Source data
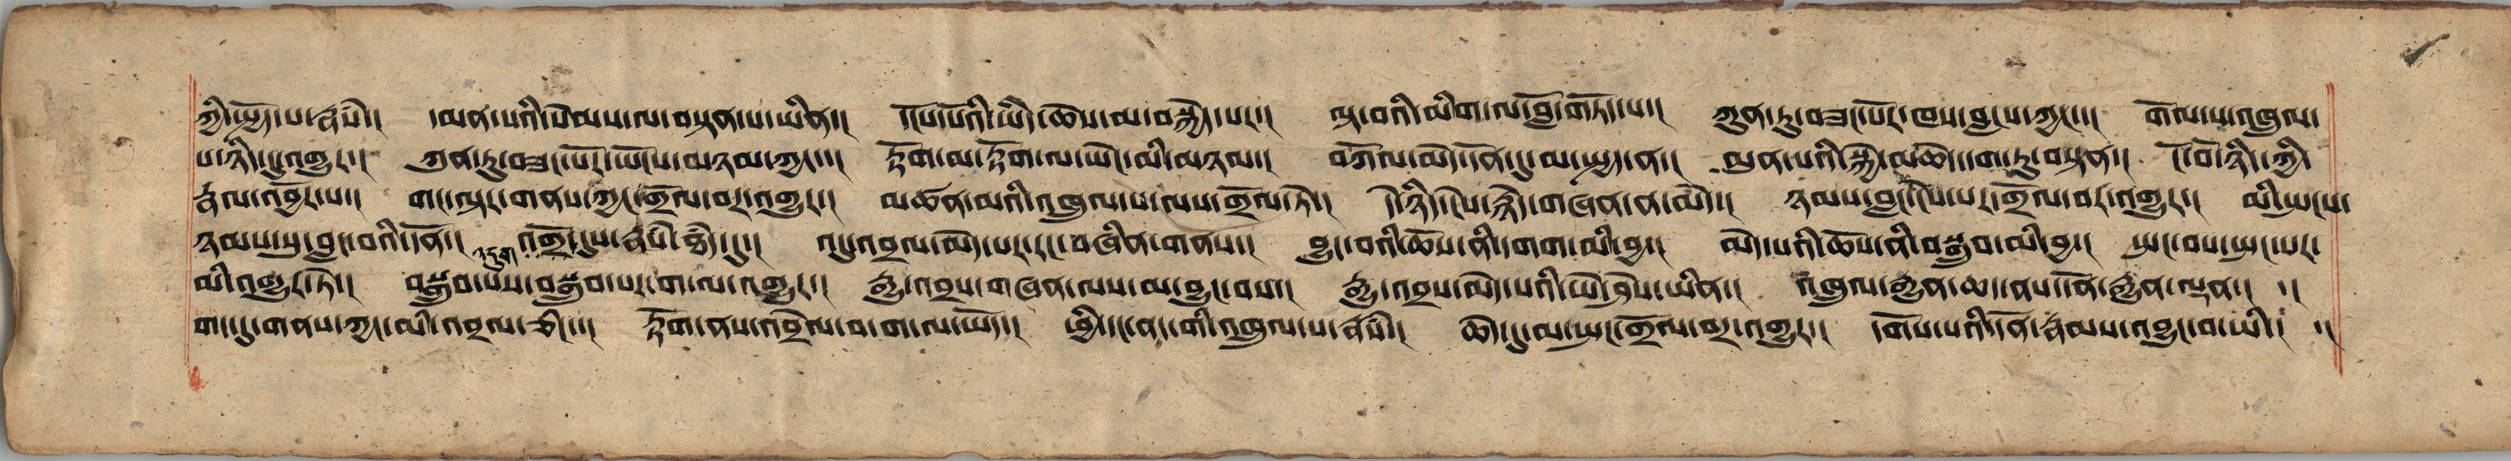ཀྱི་སྤྱོད་པ་རྣཾས་། དམན་པའི་སེམས་ལ་བསྟན་པ་ཡིན་། དངོས་པོའི་ཡིད་ཆེས་མ་བསྐྱེད་པར་། ལྟ་བའི་མིག་ལ་བློ་གཏོད་པ་། ཀུན་ཏུ་བཟང་པོར་ཁས་བླངས་ཀྱང་་། གོལ་ས་འཁྲུལ་
པ་ཉིད་དུ་འགྱུར་། ཀུན་ཏུ་བཟང་པོར་ཡོངས་མཉམ་ཀྱང་་། རྟོག་མ་རྟོག་ལ་ཡེང་མི་མཉམ་། བཀོལ་མེད་དོན་དུ་མ་སྤྱད་ན་། མུན་པའི་སྐྱེ་མཆེད་དག་ཏུ་བསྟན་། ངོ་བོ་ཉིད་ཀྱི་
རྣལ་འབྱོར་པ་། གང་ལྟར་གནས་ཀྱང་གྲོལ་བར་འགྱུར་། མཚན་མའི་འཁྲུལ་པ་ལས་གྲོལ་ཏེ་། དེ་ཉིད་ངེས་རྙེད་གཞན་ན་མེད་། ཉམས་བླང་ངེས་པར་གྲོལ་བར་འགྱུར་། མི་སྤངས་
ཉམས་སུ་བླང་བའི་དོན་། འགྲོ་འདུག་དུས་རྣཾས་ཐཾད་དུ་། འདུ་འབྲལ་མེད་པར་རང་བཞིན་གནས་། བྱུང་བའི་ཆོས་ནི་དགག་མི་བྱ་། མེད་པའི་ཆོས་ནི་བསྒྲུབ་མི་བྱ་། སྤང་བས་སྤང་པར་
མི་འགྱུར་ཏེ་། བསྒྲུབ་པས་བསྒྲུབ་པར་ག་ལ་འགྱུར་། རྒྱུ་འབྲས་གཞན་ལས་མ་བྱུང་བས་། རྒྱུ་འབྲས་མེད་པའི་ཡེ་ཤེས་ཡིན་། འཁྲུལ་རྒྱུན་ཆད་ནས་དོན་རྒྱུན་ལྡན་། ་།
གང་དུ་གནས་ཀྱང་མི་འབྲལ་ཅིང་་། རྟོག་ནས་འབྲེལ་བ་ག་ལ་ཡོད་། ཕྱི་དང་ནང་གི་འཁྲུལ་པ་རྣཾས་། ཆེད་དུ་མ་སྤང་གྲོལ་བར་འགྱུར་། དགོས་པའི་དོན་རྣམས་འབྱུང་བ་ཡི་།

_WORK ORDER_:
Your copy must repeat the data word for word and show none of its images.

_EXERCISE ANSWER_:
ཀྱི་སྤྱོད་པ་རྣཾས་། དམན་པའི་སེམས་ལ་བསྟན་པ་ཡིན་། དངོས་པོའི་ཡིད་ཆེས་མ་བསྐྱེད་པར་། ལྟ་བའི་མིག་ལ་བློ་གཏོད་པ་། ཀུན་ཏུ་བཟང་པོར་ཁས་བླངས་ཀྱང་་། གོལ་ས་འཁྲུལ་
པ་ཉིད་དུ་འགྱུར་། ཀུན་ཏུ་བཟང་པོར་ཡོངས་མཉམ་ཀྱང་་། རྟོག་མ་རྟོག་ལ་ཡེང་མི་མཉམ་། བཀོལ་མེད་དོན་དུ་མ་སྤྱད་ན་། མུན་པའི་སྐྱེ་མཆེད་དག་ཏུ་བསྟན་། ངོ་བོ་ཉིད་ཀྱི་
རྣལ་འབྱོར་པ་། གང་ལྟར་གནས་ཀྱང་གྲོལ་བར་འགྱུར་། མཚན་མའི་འཁྲུལ་པ་ལས་གྲོལ་ཏེ་། དེ་ཉིད་ངེས་རྙེད་གཞན་ན་མེད་། ཉམས་བླང་ངེས་པར་གྲོལ་བར་འགྱུར་། མི་སྤངས་
ཉམས་སུ་བླང་བའི་དོན་། འགྲོ་འདུག་དུས་རྣཾས་ཐཾད་དུ་། འདུ་འབྲལ་མེད་པར་རང་བཞིན་གནས་། བྱུང་བའི་ཆོས་ནི་དགག་མི་བྱ་། མེད་པའི་ཆོས་ནི་བསྒྲུབ་མི་བྱ་། སྤང་བས་སྤང་པར་
མི་འགྱུར་ཏེ་། བསྒྲུབ་པས་བསྒྲུབ་པར་ག་ལ་འགྱུར་། རྒྱུ་འབྲས་གཞན་ལས་མ་བྱུང་བས་། རྒྱུ་འབྲས་མེད་པའི་ཡེ་ཤེས་ཡིན་། འཁྲུལ་རྒྱུན་ཆད་ནས་དོན་རྒྱུན་ལྡན་། ་།
གང་དུ་གནས་ཀྱང་མི་འབྲལ་ཅིང་་། རྟོག་ནས་འབྲེལ་བ་ག་ལ་ཡོད་། ཕྱི་དང་ནང་གི་འཁྲུལ་པ་རྣཾས་། ཆེད་དུ་མ་སྤང་གྲོལ་བར་འགྱུར་། དགོས་པའི་དོན་རྣམས་འབྱུང་བ་ཡི་།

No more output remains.